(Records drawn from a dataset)
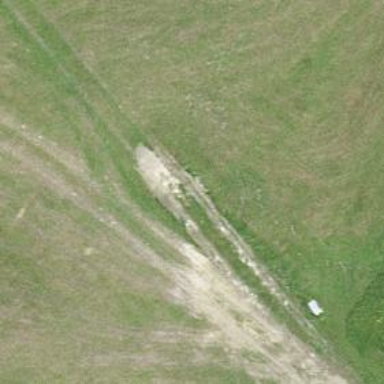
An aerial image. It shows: Grass path.
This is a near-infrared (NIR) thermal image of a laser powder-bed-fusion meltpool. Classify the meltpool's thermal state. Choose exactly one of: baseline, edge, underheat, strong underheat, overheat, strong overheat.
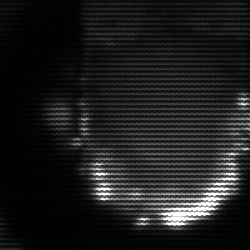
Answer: baseline
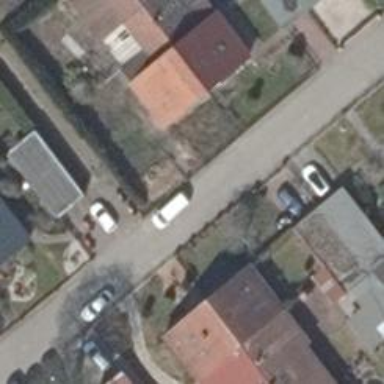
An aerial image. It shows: Residential road.
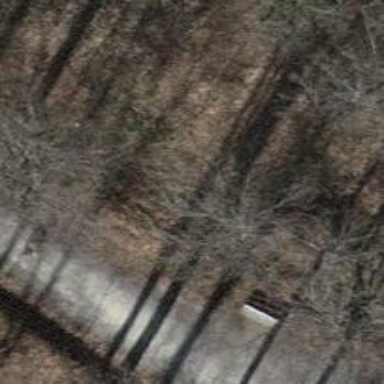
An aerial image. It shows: Brown bench.

== WHAT IS REQUIRED ==
What should appear is an exact copy of the lines from the one containing "This is a near-infrared" through the last line of the records above, pictures excluded.

== YOUR RESPONSE ==
This is a near-infrared (NIR) thermal image of a laser powder-bed-fusion meltpool. Classify the meltpool's thermal state. Choose exactly one of: baseline, edge, underheat, strong underheat, overheat, strong overheat.
Answer: baseline
An aerial image. It shows: Residential road.
An aerial image. It shows: Brown bench.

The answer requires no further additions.